I read the other day about Obama’s and McCain’s estate tax proposals, if they should be elected. I am still pretty stoked about it, because my term paper from May, when I was taking a tax policy seminar, outlined a plan that Obama has now adopted. $3.5 million exemption, 45% top rate. I knew I was brilliant. If you don’t believe me and want to see the paper, I can send it to you. I have no intention of boring the internet to tears unnecessarily.
A friend of mine asked about wealth redistribution. Obama and Biden have been talking about it and they’re wigging a lot of people out. Largely because most people have no idea what they mean by this. People who talk about wealth redistribution always bring up the estate tax. It’s a nice, tangible thing to talk about that actually exists and isn’t some nebulous plan than makes us all worry about Bolsheviks taking over. So, would Obama’s estate tax proposal actually redistribute wealth? Yes, in the sense that any tax redistributes wealth, but the tax rate he proposes is 10% LOWER than the rate that had been in place for over a decade before Congress in 2001 passed a sunset law forcing itself to do something about the tax in the next 10 years.
Also, the old tax gave everyone $1 million tax-free. So if you kicked it in 1999 and between your money, house, car, stocks, furniture, vintage Barbies and Star Wars lunchbox, you possessed $1,100,000 worth of stuff, the federal government would only tax you on $100,000. Not the whole thing. The exemption under the 2001 law (EGTRRA) has been rising each year. Its highest level will be $3.5 million in 2009. This is the number Obama proposes for the estate tax exemption to be permanently. (I did as well. In May. ::flips hair::)
The tax rate pre-2001 was also 55%. So, on your $100,000 that’s taxable if you died in 1999 with $1,100,000, you’d owe $55,000 in tax. This is what they mean when they say “wealth redistribution.” People who die loaded and don’t plan well would get taxed at a crazy high rate and lose over half their wealth, so their kids and grandkids, ad infinitum, would not be idly rich. When the tax was invented, that was a large part of the ploy- to prevent a class of idle rich in America like there was (is?) in England. I don’t have an opinion on how well this worked, because we can’t know if, in an alternate universe where there was never an estate tax here, there would have been more idle rich people. I think it’s a nonsensical inquiry. Obama’s proposed tax rate is 45%, which, while less than half, is still pretty punishing.

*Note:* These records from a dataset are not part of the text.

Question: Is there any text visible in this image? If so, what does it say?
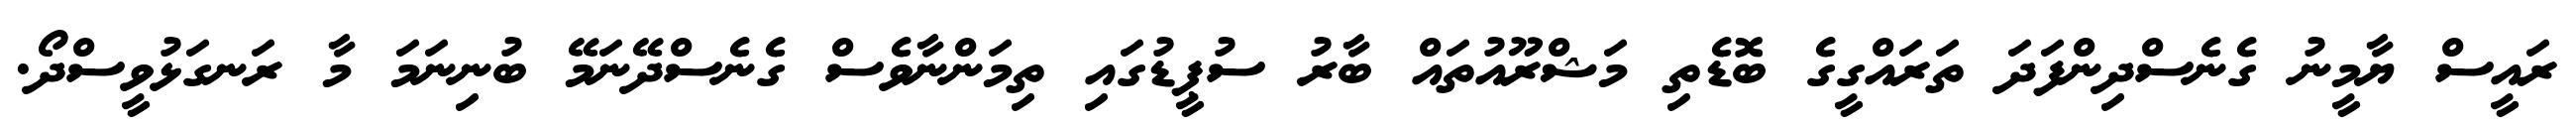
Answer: ރައީސް ޔާމީނު ގެނެސްދިންފަދަ ތަރައްގީގެ ބޮޑެތި މަޝްރޫއުތައް ބާރު ސުޕީޑުގައި ތިމަންނާވެސް ގެނެސްދޭނަމޭ ބުނިނަމަ މާ ރަނގަޅުވީސްދޯ.
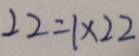
2 2 = 1 \times 2 2
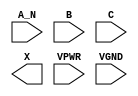
module sky130_fd_sc_hs__and3b (
    //# {{data|Data Signals}}
    input  A_N ,
    input  B   ,
    input  C   ,
    output X   ,

    //# {{power|Power}}
    input  VPWR,
    input  VGND
);
endmodule
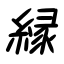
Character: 縁
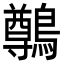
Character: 鷷
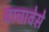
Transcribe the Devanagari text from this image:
वाचावेसे
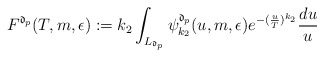
\begin{align*}F^{\mathfrak{d}_{p}}(T,m,\epsilon) := k_{2}\int_{L_{\mathfrak{d}_{p}}} \psi_{k_2}^{\mathfrak{d}_{p}}(u,m,\epsilon) e^{-(\frac{u}{T})^{k_2}} \frac{du}{u}\end{align*}
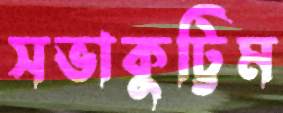
সভাকুট্টিম
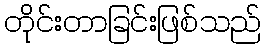
တိုင်းတာခြင်းဖြစ်သည်
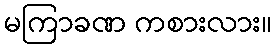
မကြာခဏ ကစားလား။
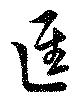
逕
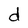
Character: d
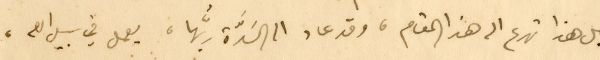
اجل هذا تهرع الى هذا المقام، وقد عاد الى السَدَّة ربُّها، يعمل في سبيل الله،
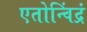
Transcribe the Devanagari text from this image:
एतोन्विंद्रं
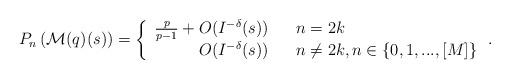
LaTeX: \begin{align*} P_{n} \left( \mathcal{M} (q) (s) \right) = \left\{ \begin{array}{rcl} \frac{p}{p-1} + O(I^{-\delta}(s)) & & n = 2k \\ O(I^{-\delta}(s)) & & n \ne 2k, n \in \{0,1,...,[M]\} \end{array} \right. .\end{align*}
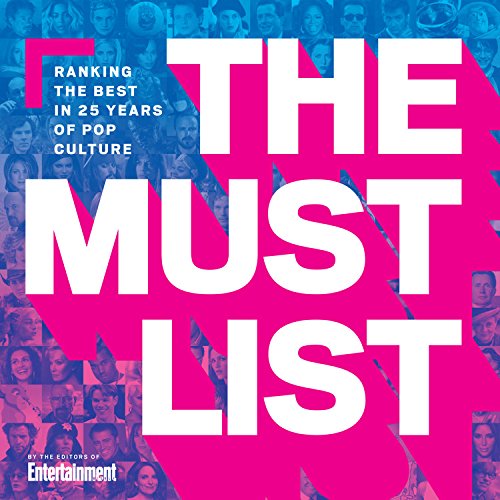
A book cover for The Must List: Ranking the Best in 25 Years of Pop Culture; The Editors of Entertainment Weekly; Humor & Entertainment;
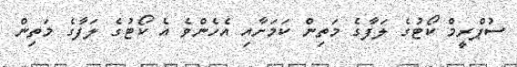
ސުޕްރީމް ކޯޓުގެ ލަފާގެ މަތިން ކަމަށާއި އެހެންވެ އެ ކޯޓުގެ ލަފާގެ މަތިން
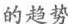
的趋势
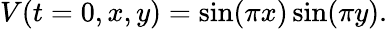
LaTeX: V(t=0,x,y)=\sin(\pi x)\sin(\pi y).
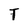
Character: T
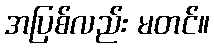
အပြစ်လည်း မတင်။
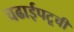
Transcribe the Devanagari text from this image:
चढाईपटूची
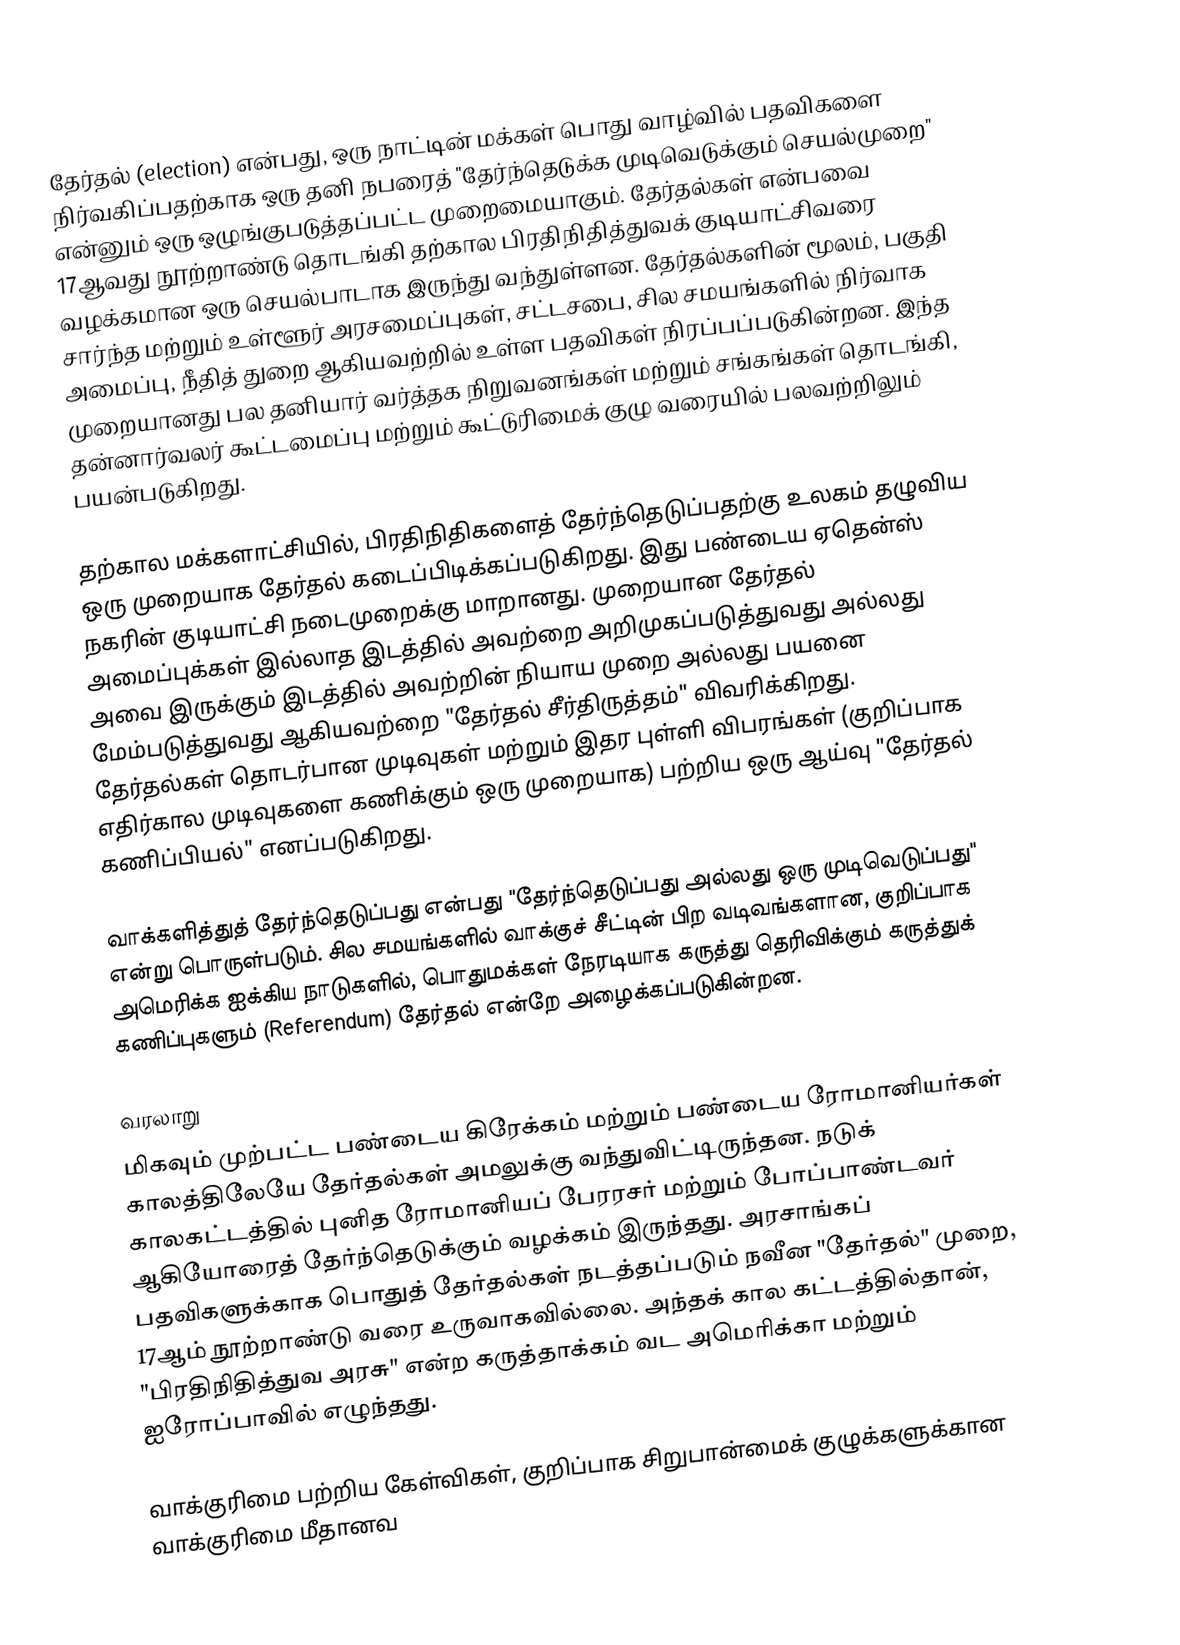
தேர்தல் (election) என்பது, ஒரு நாட்டின் மக்கள் பொது வாழ்வில் பதவிகளை நிர்வகிப்பதற்காக ஒரு தனி நபரைத் "தேர்ந்தெடுக்க முடிவெடுக்கும் செயல்முறை" என்னும் ஒரு ஒழுங்குபடுத்தப்பட்ட முறைமையாகும். தேர்தல்கள் என்பவை 17ஆவது நூற்றாண்டு தொடங்கி தற்கால பிரதிநிதித்துவக் குடியாட்சிவரை வழக்கமான ஒரு செயல்பாடாக இருந்து வந்துள்ளன. தேர்தல்களின் மூலம், பகுதி சார்ந்த மற்றும் உள்ளூர் அரசமைப்புகள், சட்டசபை, சில சமயங்களில் நிர்வாக அமைப்பு, நீதித் துறை ஆகியவற்றில் உள்ள பதவிகள் நிரப்பப்படுகின்றன. இந்த முறையானது பல தனியார் வர்த்தக நிறுவனங்கள் மற்றும் சங்கங்கள் தொடங்கி, தன்னார்வலர் கூட்டமைப்பு மற்றும் கூட்டுரிமைக் குழு வரையில் பலவற்றிலும் பயன்படுகிறது.

தற்கால மக்களாட்சியில், பிரதிநிதிகளைத் தேர்ந்தெடுப்பதற்கு உலகம் தழுவிய ஒரு முறையாக தேர்தல் கடைப்பிடிக்கப்படுகிறது. இது பண்டைய ஏதென்ஸ் நகரின்  குடியாட்சி நடைமுறைக்கு மாறானது. முறையான தேர்தல் அமைப்புக்கள் இல்லாத இடத்தில் அவற்றை அறிமுகப்படுத்துவது அல்லது அவை இருக்கும் இடத்தில் அவற்றின் நியாய முறை அல்லது பயனை மேம்படுத்துவது ஆகியவற்றை "தேர்தல் சீர்திருத்தம்" விவரிக்கிறது. தேர்தல்கள் தொடர்பான முடிவுகள் மற்றும் இதர புள்ளி விபரங்கள் (குறிப்பாக எதிர்கால முடிவுகளை கணிக்கும் ஒரு முறையாக) பற்றிய ஒரு ஆய்வு "தேர்தல் கணிப்பியல்" எனப்படுகிறது.

வாக்களித்துத் தேர்ந்தெடுப்பது  என்பது "தேர்ந்தெடுப்பது அல்லது ஒரு முடிவெடுப்பது" என்று பொருள்படும். சில சமயங்களில் வாக்குச் சீட்டின் பிற வடிவங்களான, குறிப்பாக அமெரிக்க ஐக்கிய நாடுகளில், பொதுமக்கள் நேரடியாக கருத்து தெரிவிக்கும் கருத்துக் கணிப்புகளும் (Referendum) தேர்தல் என்றே அழைக்கப்படுகின்றன.

வரலாறு
மிகவும் முற்பட்ட பண்டைய கிரேக்கம் மற்றும் பண்டைய ரோமானியர்கள் காலத்திலேயே தேர்தல்கள் அமலுக்கு வந்துவிட்டிருந்தன. நடுக் காலகட்டத்தில் புனித ரோமானியப் பேரரசர் மற்றும் போப்பாண்டவர் ஆகியோரைத் தேர்ந்தெடுக்கும் வழக்கம் இருந்தது.  அரசாங்கப் பதவிகளுக்காக பொதுத் தேர்தல்கள் நடத்தப்படும் நவீன "தேர்தல்" முறை, 17ஆம் நூற்றாண்டு வரை உருவாகவில்லை. அந்தக் கால கட்டத்தில்தான், "பிரதிநிதித்துவ அரசு" என்ற கருத்தாக்கம் வட அமெரிக்கா மற்றும் ஐரோப்பாவில் எழுந்தது.

வாக்குரிமை பற்றிய கேள்விகள், குறிப்பாக சிறுபான்மைக் குழுக்களுக்கான வாக்குரிமை மீதானவ
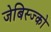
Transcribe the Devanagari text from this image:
जेबिस्ज्को
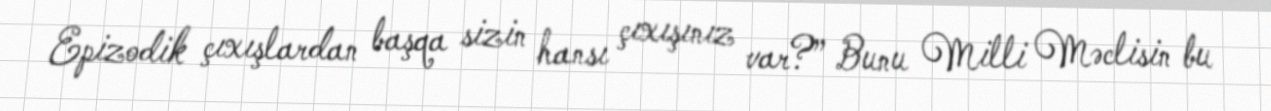
Epizodik çıxışlardan başqa sizin hansı çıxışınız var?” Bunu Milli Məclisin bu
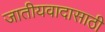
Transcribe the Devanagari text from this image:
जातीयवादासाठी
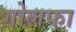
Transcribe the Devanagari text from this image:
गोलफा
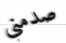
صدمني
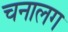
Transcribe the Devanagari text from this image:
चनालग

The salient point is, though, that virtually no one pays this tax. No one. Next to no one dies with that much money. And the ones that do hired a lawyer and had them write a will and come up with a plan. You can give everyone you want $12,000 every year as long as you want. Tax-free. This is one of the most obvious ways to get money out of your estate, which is the name of the game. If there’s not enough in your estate when you die, you don’t get taxed. So really, the only people who have to pay estate taxes are both rich and stupid. This is not a particularly sympathetic bunch. Of course, estate tax opponents like to trot out their small businesspeople and say, holy crap! Joe the Plumber’s kids will have to liquidate the business to pay the taxes and won’t be able to carry on the family business! Again, these people are wrong. Small businesspeople who don’t have lawyers to organize their businesses, write their wills and help them with business planning are idiots. The way to avoid the tax, which everyone with any sense does, is to transfer shares of the business to the next generation over time, so then they gradually get control and no one dies owning the whole show.
It’s also worth keeping in mind that the tax encourages charitable giving. Anything you bequeath to charity on your death will be untaxed.
So, should we redistribute wealth? Noting that the tax doesn’t really do that very well and the Obama tax would do it even less?
I think so. DP argues that if he earns millions of dollars fair and square, he should get to keep them. I told him he’d be dead. You can’t own stuff when you’re dead. It’s not possible. It’s a neat feature of old English property law that we’re allowed to distribute our stuff largely as we choose when we die. Not an innate feature of the stuff we own. It’s a societal construct.
My father was skeptical about this whole idea, but was convinced by Bill Gates, who admits that it’s the American system that allowed him to make the money he’s made. Without the business opportunities, tax structure, venture capital and other features of American capitalism, Bill wouldn’t be where he is. It’s a system that enables some and doesn’t do favors for some others. He seems to think maybe he owes some of his success to the country he succeeded in, and didn’t do it all completely on his own. My father thinks this makes a lot of sense, and I have to agree.
Hi! We enjoyed hanging out with you tonight. Anyway, I forgot to congratulate you on your proposal ending up identical to Obama’s plan. Woohoo! Way to go!
Comment by Your awesome friend — October 26, 2008 @ 1:23 am
I know! I didn’t know you’d looked, and I was thinking about bringing it up, but I forgot.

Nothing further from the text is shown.